10 novidades sobre o mercado que você precisa saber

Após o impeachment, o governo brasileiro chama embaixadores na Venezuela, Equador e Bolívia.

São Paulo – Confira as principais novidades do mercados desta quinta-feira:

Temer diz que é preciso mudar CLT para garantir empregos. 
Em seu 1º pronunciamento na TV, ele também defendeu a reforma da Previdência.

Após a posse, Temer, Meirelles e Renan viajam para China para participar do G-20. 
Eles vão participar de reuniões bilaterais para tentar mostrar ao mundo que o novo governo é legítimo. 

PM usa bombas de gás para dispersar ato contra impeachment em São Paulo.
As manifestações foram marcadas por cenas de violência de ambos os lados. Houve protestos em outras cidades do país.
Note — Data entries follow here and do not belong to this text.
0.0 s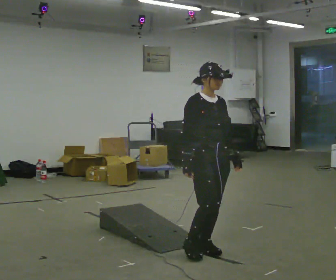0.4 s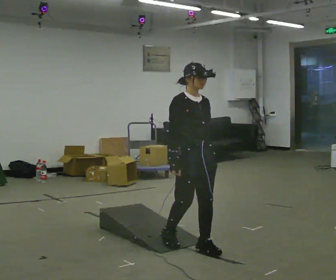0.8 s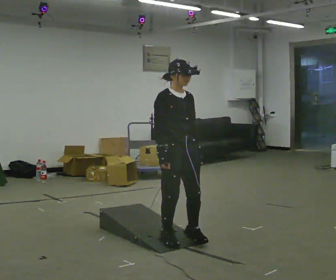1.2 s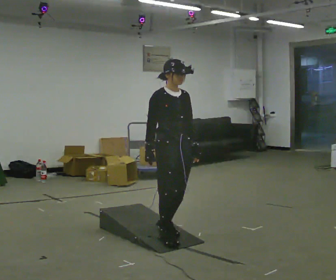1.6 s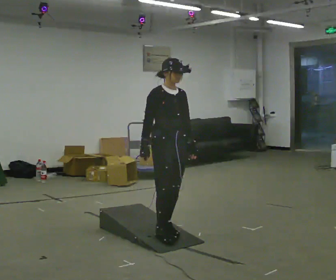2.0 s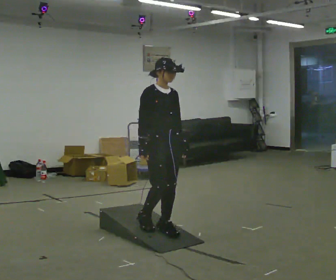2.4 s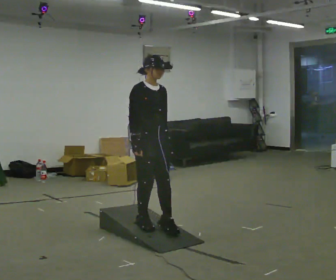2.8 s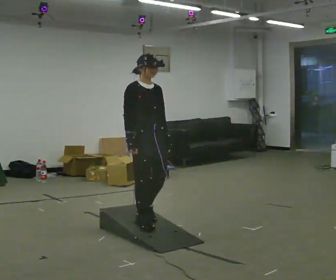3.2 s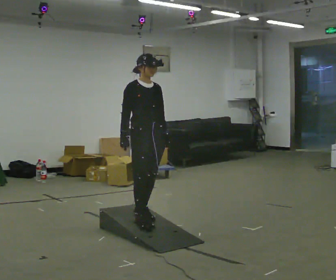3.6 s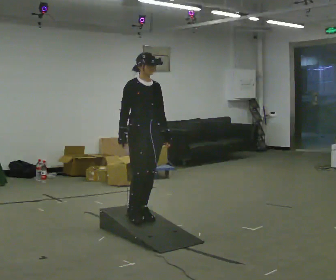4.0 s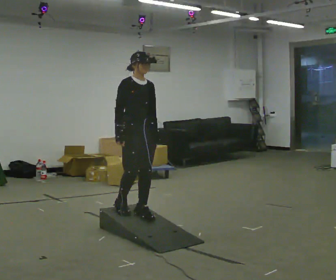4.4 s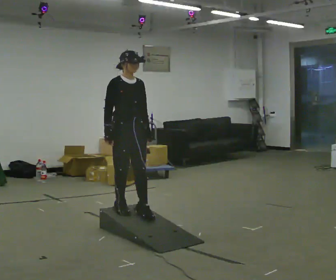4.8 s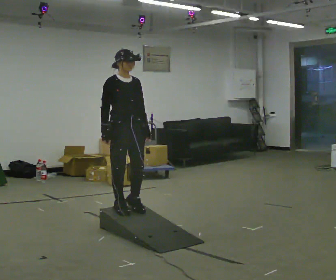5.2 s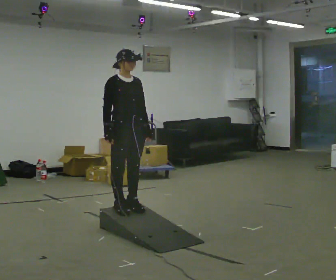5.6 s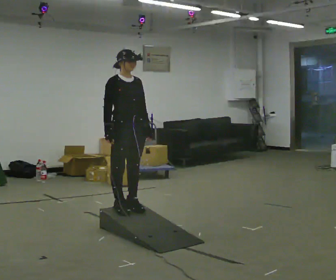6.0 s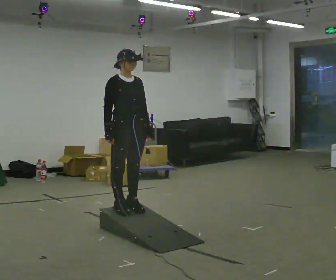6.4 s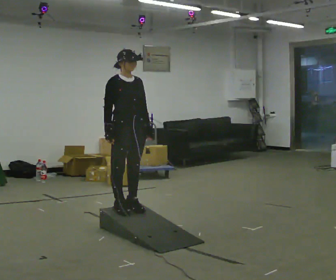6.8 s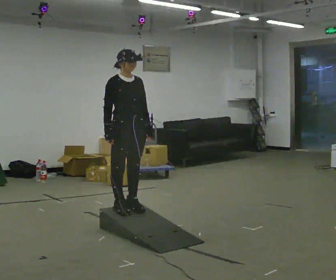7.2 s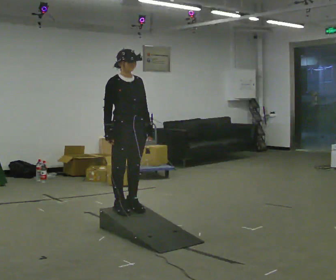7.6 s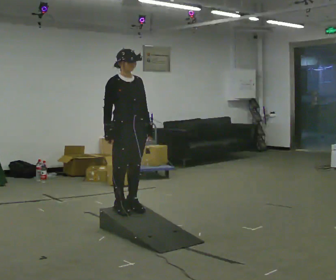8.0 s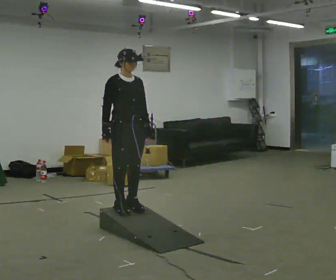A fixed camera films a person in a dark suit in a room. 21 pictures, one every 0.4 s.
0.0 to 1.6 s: In the picture they go away from the camera and to the left, about 0.5 m in 2 steps, which for them is backward.
1.6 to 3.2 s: In the picture they go away from the camera and to the left, about 0.25 m in 1 step, which for them is backward.
3.2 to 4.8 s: In the picture they go to the left and away from the camera, about 0.25 m in 2 steps, which for them is backward.
4.8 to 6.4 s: The person moves a little, or ends about where they began.
6.4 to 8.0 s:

Governo brasileiro chama embaixadores na Venezuela, Equador e Bolívia.
Os três países, além de Cuba e Nicarágua, classificaram o impeachment como um golpe de Estado.

PSDB e DEM criticaram manutenção dos direitos políticos de Dilma.
O afastamento da pena gerou um ruído inesperado na base governista, que pode complicar, no futuro, a aprovação de projetos importantes para recuperação da economia.

Tribunal condena GP e Arbeit a pagar indenização a consumidores da Imbra, segundo o jornal Estado de S. Paulo.
Em 2010, a empresa quebrou e deixou na mão 25 mil pessoas que eram atendidas mensalmente por suas clínicas. Não há estimativas precisas dos valores envolvidos.

Petrobras deve demitir 8 mil empregados.
De acordo com fontes da agência Estadão Conteúdo que tiveram acesso ao programa de demissão voluntário, os desligamentos acontecerão gradativamente. 

Copom mantém a taxa Selic em 14,25% pela nona vez seguida.
A avaliação é que as expectativas de inflação ainda não caíram o suficiente e que um corte pode acontecer somente em outubro.

Orçamento separa R$17 bi para reajuste de servidores em 2017.
Segundo o ministro do Planejamento, as contas asseguram recursos para o aumento do salário dos ministros do Supremo Tribunal Federal (STF). 

Donald Trump volta do México e faz um discurso inflamado. 
“Nós vamos construir um grande muro. E o México vai pagar por ela. Cem por cento. Eles ainda não sabem, mas vão ter de pagar por isso”, disse. Horas antes, o candidato republicano encontrou-se com o presidente mexicano, Enrique Peña Nieto, que foi duramente criticado por seus compatriotas.